What kind of cement can i use in my aquarium for decorations? is there a specific brand or type? I am planning on creating a few designs out of styrofoam and coating them in cement. Please let me know. i obviously want to avoid any leaking or ph spikes.


----------



## 50seven (Feb 14, 2010)

All concrete products will need at least 30 days to cure. Whether it's sand mix, stone mix, hydraulic cement, or your own custom mix, all contain Portland cement which takes 30 days to cure. Make sure it spends at least 50% of that time submerged in fresh water, and after 30 days you can place it in a bucket of clean fresh water and check for pH swings. This is extremely important if you're placing it in an established tank.

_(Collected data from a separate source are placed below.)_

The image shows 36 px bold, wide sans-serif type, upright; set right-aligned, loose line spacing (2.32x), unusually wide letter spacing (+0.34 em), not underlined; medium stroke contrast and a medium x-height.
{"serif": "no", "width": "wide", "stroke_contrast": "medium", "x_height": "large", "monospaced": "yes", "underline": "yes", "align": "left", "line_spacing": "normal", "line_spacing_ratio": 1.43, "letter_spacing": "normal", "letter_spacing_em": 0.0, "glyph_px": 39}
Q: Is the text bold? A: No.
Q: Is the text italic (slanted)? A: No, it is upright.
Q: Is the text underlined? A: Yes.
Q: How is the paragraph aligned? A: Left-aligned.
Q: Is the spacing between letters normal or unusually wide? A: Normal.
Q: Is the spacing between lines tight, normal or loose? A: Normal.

If you want something that cures a bit faster, try coating your foam structure with liquid resin and while the resin is still wet, cover & embed it with sand or other substrate material. The only drawback is that you'll need to find a way to get this structure to sink, as it will most definitely float with all that styrofoam!

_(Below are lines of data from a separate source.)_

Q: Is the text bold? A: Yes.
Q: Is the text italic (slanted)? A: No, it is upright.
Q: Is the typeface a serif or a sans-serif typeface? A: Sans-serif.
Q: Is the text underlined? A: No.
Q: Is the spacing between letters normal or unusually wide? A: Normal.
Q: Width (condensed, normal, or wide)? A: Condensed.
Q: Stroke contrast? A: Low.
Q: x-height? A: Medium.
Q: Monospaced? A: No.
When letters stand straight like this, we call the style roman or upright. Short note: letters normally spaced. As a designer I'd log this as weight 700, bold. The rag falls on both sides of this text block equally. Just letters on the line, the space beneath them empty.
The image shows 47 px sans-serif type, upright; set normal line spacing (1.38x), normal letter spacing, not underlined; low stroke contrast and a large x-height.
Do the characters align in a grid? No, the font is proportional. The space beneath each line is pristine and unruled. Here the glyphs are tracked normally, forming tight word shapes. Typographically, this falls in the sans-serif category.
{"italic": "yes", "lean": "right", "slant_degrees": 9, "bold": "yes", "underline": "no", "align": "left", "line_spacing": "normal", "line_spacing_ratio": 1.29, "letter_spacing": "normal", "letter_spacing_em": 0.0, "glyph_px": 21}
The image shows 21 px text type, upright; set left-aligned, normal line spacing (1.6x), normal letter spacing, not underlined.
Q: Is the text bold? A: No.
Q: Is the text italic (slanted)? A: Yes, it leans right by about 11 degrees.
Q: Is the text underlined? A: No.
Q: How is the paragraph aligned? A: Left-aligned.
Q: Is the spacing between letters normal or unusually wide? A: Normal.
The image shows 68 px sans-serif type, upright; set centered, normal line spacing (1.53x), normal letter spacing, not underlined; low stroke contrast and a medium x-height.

This thread on RC explains this method in detail: Tiggsy's 180G UK Reef


----------



## Chromey (Sep 25, 2010)

Trust 50seven, Hes made more Rock then most Have


----------



## RevoBuda (Sep 3, 2011)

thx guys, I appreciate the advice!


----------



## andco (Aug 15, 2011)

Hey Guys, 

I was watching "Tanked" and they use a concrete-like product to make the reef displays etc, and it apparently is fish safe and doesn't leach like normal cement does. I can't recall what exactly it was though.. any thoughts?


----------



## df001 (Nov 13, 2007)

I saw the episode, but they didnt mention a product specifically - likely due to licensing issues etc, a quick google search leads me to suspect that it is a polymer modified product such as Thorite.


----------



## Al-Losaurus (Jul 21, 2009)

*Sikatop seal 107*

Just noticed this thread here is what i learned

Sikatop seal 107 is safe for potable drinking water also safe for aquariums. You can find it at homedepot but i noticed the packaging was different from the american version. I called the company and they said they can not guarantee the same ingredients were used.

If you can get your hands on the american version of this product i have read articles of people basically installing and filling a tank adding fish within a week and not losing any fish.

Before figuring this out i used quickrete hydrolic water stop i cured my background changing water everyday for 45 days and still lost fish in the end. Wish i knew of Sikatop 107 before i started my project lol


----------